В «Литгазете» моя статья о В.Г. Распутине. Этот номер – раз на раз не приходится – хорош. Занятно написал о фестивале в Гатчине младший Колпаков, совсем не журналист. Для того, чтобы заниматься этой профессией, у него есть главное: незлобливость и удивительная добросовестность. Понимает также молодой человек в юморе: перечислил всех наших литинститутских студентов и даже написал: «стихи звучали даже в зале игровых автоматов». Фразочка с двойным дном – это прикол, именно из зала игровых автоматов увезли на милицейском броневике Виталика Бондарева.

Небольшой статейкой «Литературка» ответила на мои собственные размышления по поводу последнего КВН. Я тоже обратил внимание, что подыгрывают казахам, меня неприятно кольнуло использование в передаче детей. Вкладывая в детские уста подобные сентенции, боюсь, мы калечим их навсегда. Раздражает и самоуверенное жюри и самоуверенный Масляков.

15 марта, четверг. Утром пешком пошел в МГУ относить для Садовничего книги с двумя надписями. На дневниках: «Виктору Антоновичу Садовничему – хранителю российского образования, с признательностью за прошлое и будущее». На «Марбурге»: «Виктору Антоновичу Садовничему в память о Марбурге, его истории и с приветом от нашей общей приятельницы Барбары Кархоф». Еще раз, когда проходил тропинками мимо зданий факультетов, разглядывая мемориальные доски и памятники, порадовался всем этим комплексом. Именно нечто подобное вызывает чувство гордости за Родину. Подумал, как счастливы те ребята, которые учатся здесь, в этой замечательной атмосфере постоянного вызова времени. Разглядывал доску объявлений с зазывами в кружки, на концерты, в поездки. Сколько же поучительного окружает этих ребят, воспитывает, и дай Бог, они это не забудут и понесут в жизнь.

Снизу от входа позвонил секретарю, мне выписали пропуск. Процедура передачи книг заняла одну минуту. Потом я долго ходил по аванзалу перед приемной. Здесь висит довольно много картин в стилизованных дубовых рамах. Это все живопись 40-50-х годов, пейзажи ломоносовских мест, пара портретов классика, Манежная площадь перед старым зданием университета. Это все то, что мы называли реализмом, а исходя из времени – и социалистическим реализмом. Но таким очарованием и такой красотой веет от этой живописи!

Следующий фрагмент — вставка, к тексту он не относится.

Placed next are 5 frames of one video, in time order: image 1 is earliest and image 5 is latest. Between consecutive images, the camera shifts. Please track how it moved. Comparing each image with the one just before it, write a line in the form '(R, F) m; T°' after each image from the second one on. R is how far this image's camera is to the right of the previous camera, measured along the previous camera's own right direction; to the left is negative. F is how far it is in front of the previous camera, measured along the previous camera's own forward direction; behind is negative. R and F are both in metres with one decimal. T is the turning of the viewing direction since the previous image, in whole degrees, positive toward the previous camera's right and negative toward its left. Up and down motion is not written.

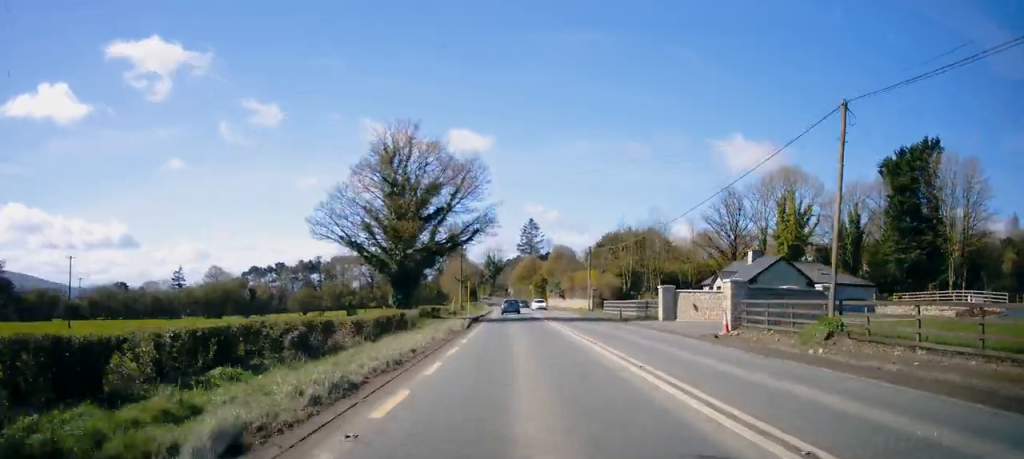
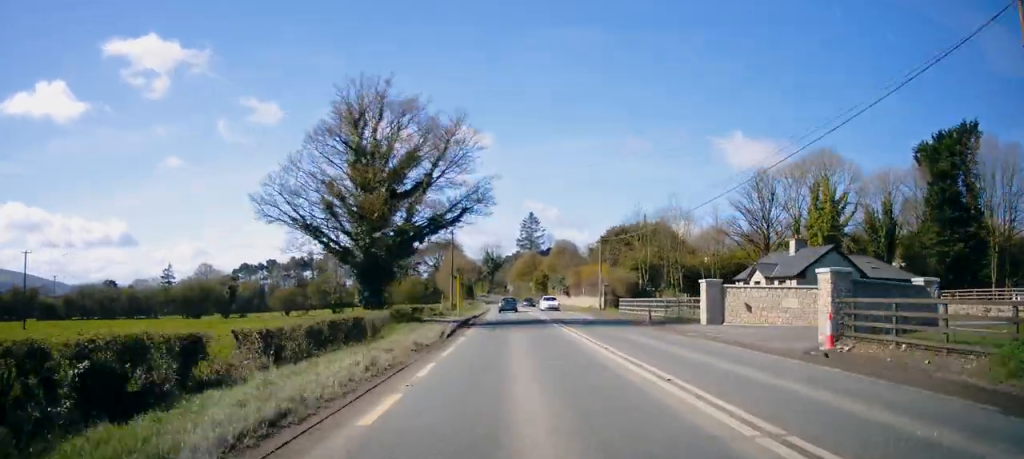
(0.0, +8.4) m; 0°
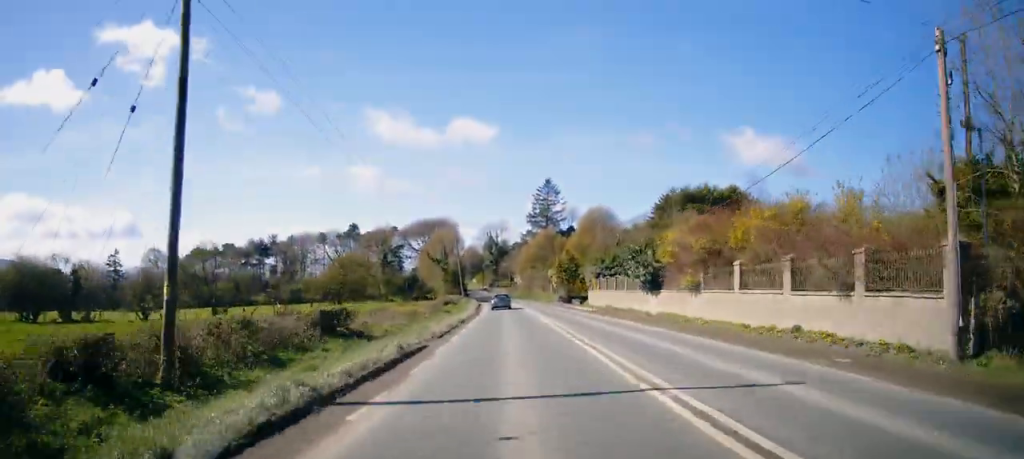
(-0.5, +43.7) m; -1°
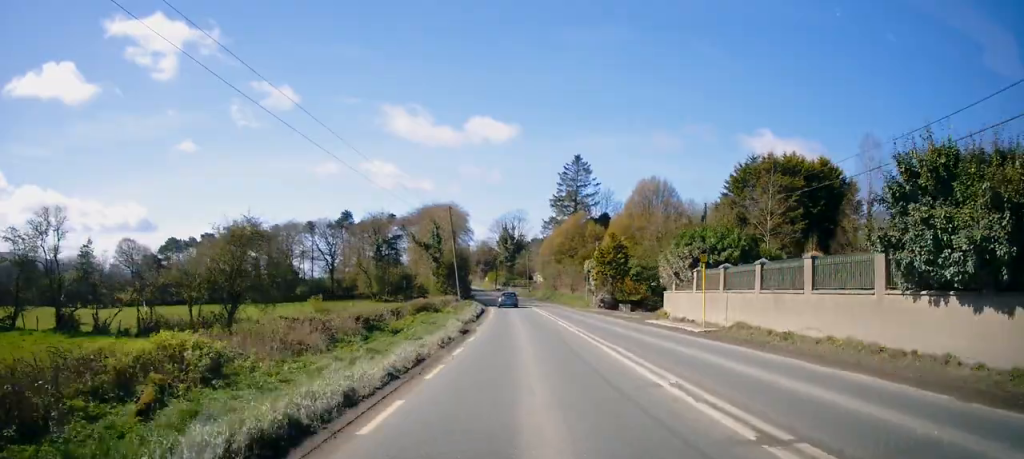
(-0.1, +24.9) m; -1°
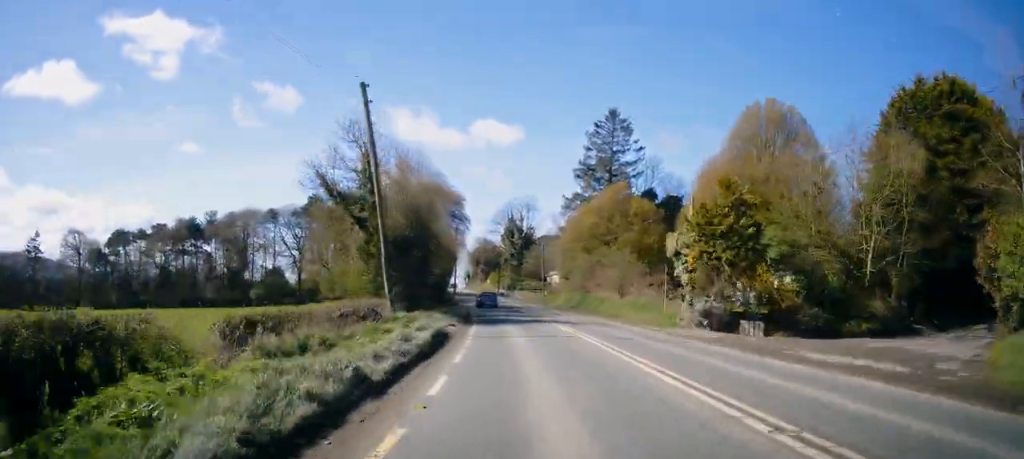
(-0.4, +29.8) m; -1°

На обратном пути купил продукты для больницы. После диализа В.С. чувствует себя неважно. На кресле ее привез совсем молодой парень Сережа, санитар с седьмого этажа. Здоровый, сильный, накаченный, но одновременно ловкий и умелый. Он как-то удивительно бережно снял ее с кресла и посадил на койку. Что-то в этом было особенное по отношению к старикам. Тут я подумал, что надо бы сделать так, чтобы не было ни одного освобожденного от армии парня, который бы не прошел хоть какой-то альтернативной службы в больнице.

Устаю, ложусь рано, кое-что доделываю в своем романе. Что-то не возникает идей для следующей работы.